218 - 91 解码方法

题目

一条包含字母 A-Z 的消息通过以下方式进行了编码：

'A' -> 1 'B' -> 2 ... 'Z' -> 26 给定一个只包含数字的非空字符串，请计算解码方法的总数。

示例 1:

输入: "12" 输出: 2 解释: 它可以解码为 "AB"（1 2）或者 "L"（12）。

示例 2:

输入: "226" 输出: 3 解释: 它可以解码为 "BZ" (2 26), "VF" (22 6), 或者 "BBF" (2 2 6) 。

解答

每个数字一个数，两两组合一个数，组合还要看不要超过26

https://leetcode-cn.com/problems/decode-ways/solution/dong-tai-gui-hua-tu-jie-by-nfgc/

class Solution:
    def numDecodings(self, s: str) -> int:
        pp, p = 1, int(s[0] != "0")
        for i in range(1, len(s)):
            pp, p = p, pp*(9 < int(s[i-1:i+1]) <= 26)+p*(int(s[i]) > 0)
        return p

Runtime: 28 ms, faster than 83.56% of Python3 online submissions for Decode Ways.

Memory Usage: 12.5 MB, less than 100.00% of Python3 online submissions for Decode Ways.

https://leetcode.com/problems/decode-ways/discuss/30379/1-liner-O(1)-space

class Solution:
    def numDecodings(self, s: str) -> int:
        v, w, p = 0, int(s > ""), ""
        for d in s:
            v, w, p = w, (d > "0")*w+(9 < int(p+d) < 27)*v, d
        return w

Runtime: 28 ms, faster than 83.56% of Python3 online submissions for Decode Ways.

Memory Usage: 12.7 MB, less than 100.00% of Python3 online submissions for Decode Ways.

递归

https://leetcode-cn.com/problems/decode-ways/solution/xiang-xi-tong-su-de-si-lu-fen-xi-duo-jie-fa-by-2-3/

class Solution:
    def numDecodings(self, s: str) -> int:
        def recu(i):
            if i == len(s):
                return 1
            if s[i] == '0':
                return 0
            ans1 = recu(i+1)
            ans2 = 0
            if i < len(s)-1:
                if int(s[i]+s[i+1]) <= 26:
                    ans2 = recu(i+2)
            return ans1+ans2

        return recu(0)

超时了

带备忘录的递归

class Solution:
    def numDecodings(self, s: str) -> int:
        memo = {}

        def recu(i):
            if i == len(s):
                return 1
            if s[i] == '0':
                return 0
            if i in memo:
                return memo[i]
            ans1 = recu(i+1)
            ans2 = 0
            if i < len(s)-1:
                if int(s[i]+s[i+1]) <= 26:
                    ans2 = recu(i+2)
            memo[i] = ans1 + ans2
            return ans1+ans2

        return recu(0)

Runtime: 36 ms, faster than 27.57% of Python3 online submissions for Decode Ways.
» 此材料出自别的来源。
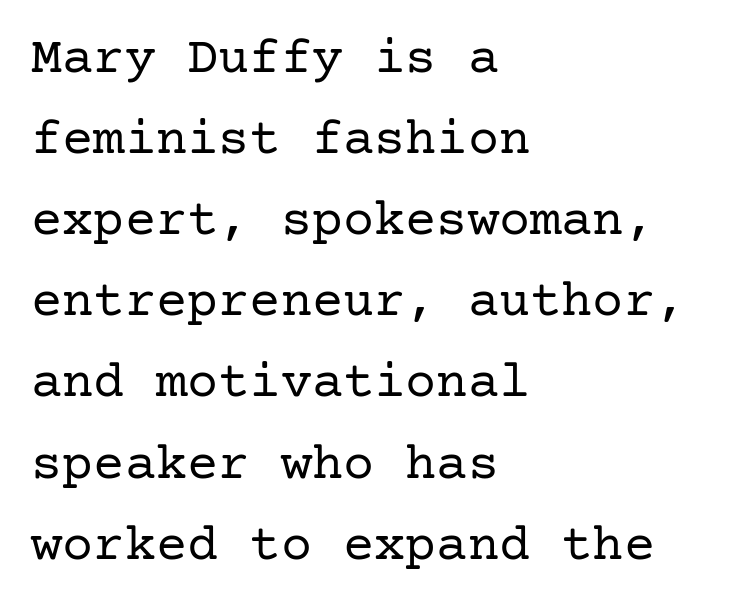
Q: Is the text bold? A: No.
Q: Is the text italic (slanted)? A: No, it is upright.
Q: Is the typeface a serif or a sans-serif typeface? A: Serif.
Q: Is the text underlined? A: No.
Q: How is the paragraph aligned? A: Left-aligned.
Q: Is the spacing between letters normal or unusually wide? A: Normal.
Q: Is the spacing between lines tight, normal or loose? A: Normal.
Q: Width (condensed, normal, or wide)? A: Normal.
Q: Stroke contrast? A: Low.
Q: x-height? A: Medium.

Memory Usage: 13.7 MB, less than 16.00% of Python3 online submissions for Decode Ways.

自底向上

https://leetcode.com/problems/decode-ways/discuss/30358/Java-clean-DP-solution-with-explanation

class Solution:
    def numDecodings(self, s: str) -> int:
        if not s:
            return 0
        n = len(s)
        dp = [0]*(n+1)
        dp[0] = 1
        dp[1] = 1 if s[0] != '0' else 0
        for i in range(2, n+1):
            first = int(s[i-1:i])
            second = int(s[i-2:i])
            if first >= 1 and first <= 9:
                dp[i] += dp[i-1]
            if second >= 10 and second <= 26:
                dp[i] += dp[i-2]
        return dp[n]

Runtime: 32 ms, faster than 59.69% of Python3 online submissions for Decode Ways.

Memory Usage: 12.7 MB, less than 100.00% of Python3 online submissions for Decode Ways.